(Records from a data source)

§ §

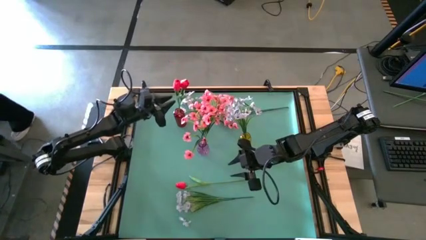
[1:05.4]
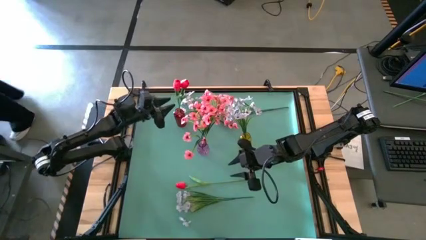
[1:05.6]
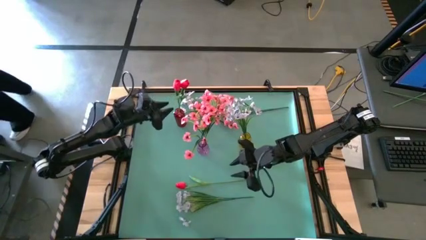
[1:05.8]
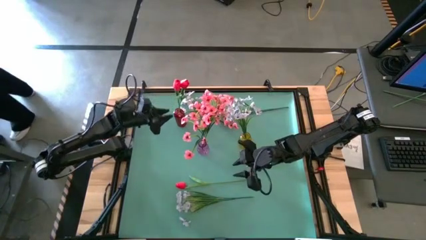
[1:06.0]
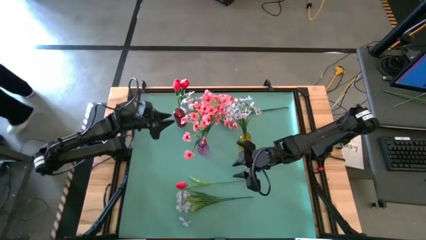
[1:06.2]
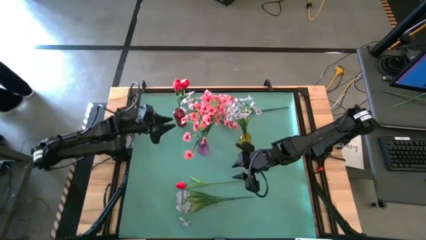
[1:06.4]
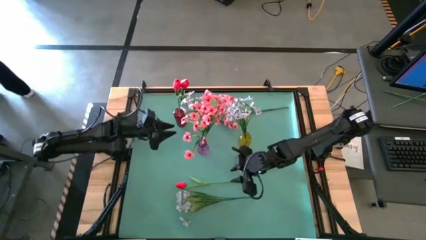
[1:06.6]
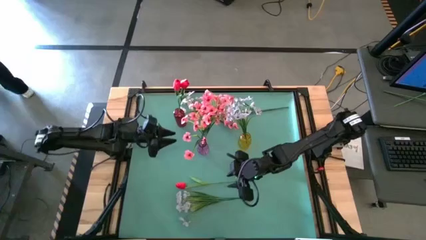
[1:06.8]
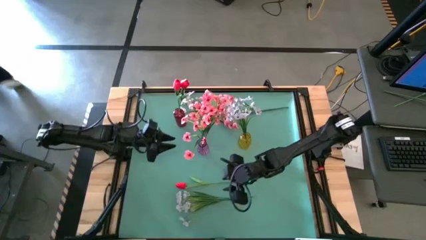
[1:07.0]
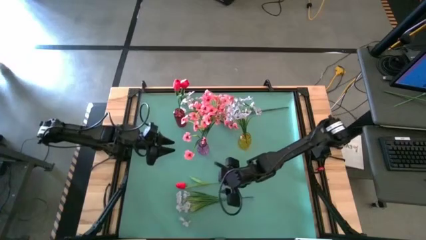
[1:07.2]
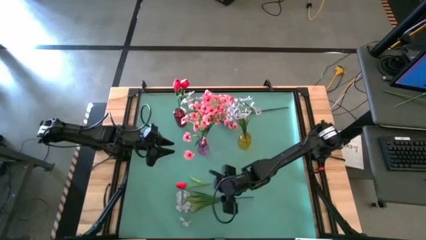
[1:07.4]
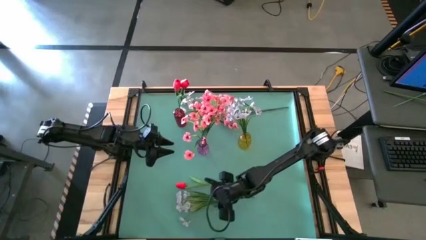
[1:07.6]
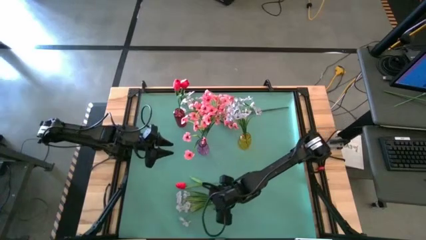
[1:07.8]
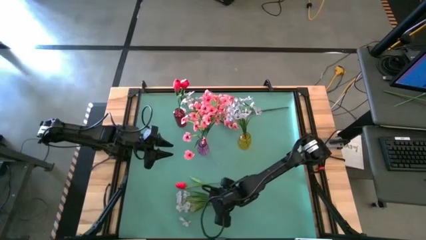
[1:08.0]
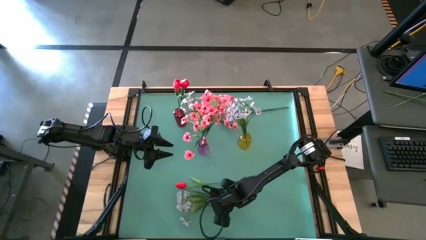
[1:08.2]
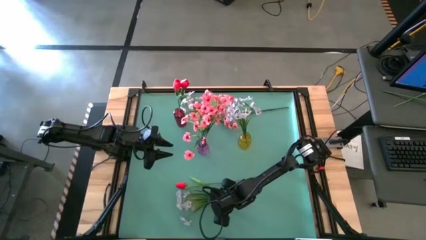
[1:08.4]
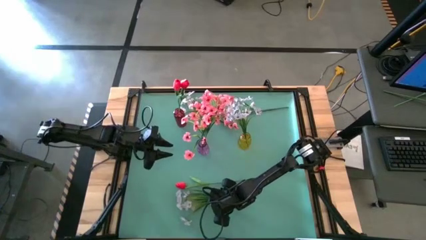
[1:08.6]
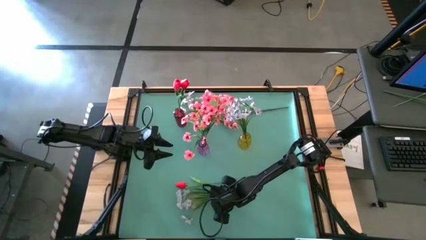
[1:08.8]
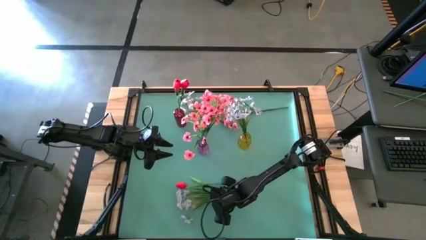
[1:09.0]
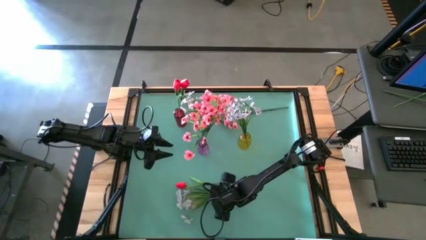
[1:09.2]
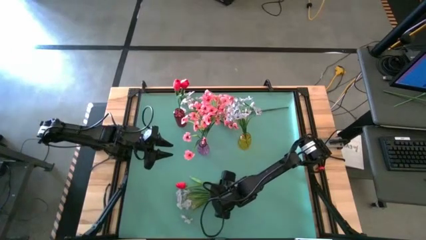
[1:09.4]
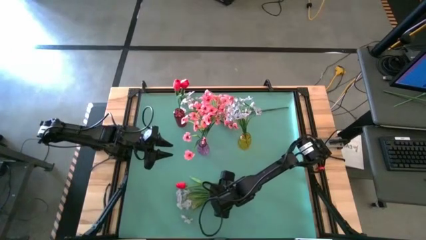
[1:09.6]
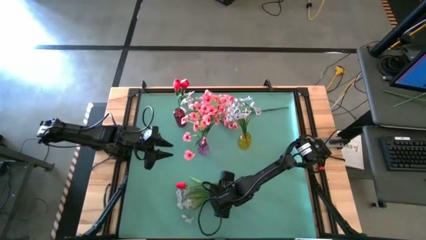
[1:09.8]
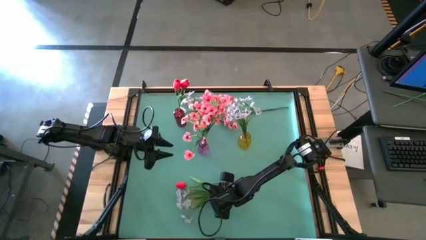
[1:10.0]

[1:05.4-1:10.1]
Put the bottom white flower into the yellow vase

§ §

* **Directions for this task**:
Each entry above should be returned exactly as written, minus its pictures.

* **Task answer**:
[1:05.4]
[1:05.6]
[1:05.8]
[1:06.0]
[1:06.2]
[1:06.4]
[1:06.6]
[1:06.8]
[1:07.0]
[1:07.2]
[1:07.4]
[1:07.6]
[1:07.8]
[1:08.0]
[1:08.2]
[1:08.4]
[1:08.6]
[1:08.8]
[1:09.0]
[1:09.2]
[1:09.4]
[1:09.6]
[1:09.8]
[1:10.0]

[1:05.4-1:10.1]
Put the bottom white flower into the yellow vase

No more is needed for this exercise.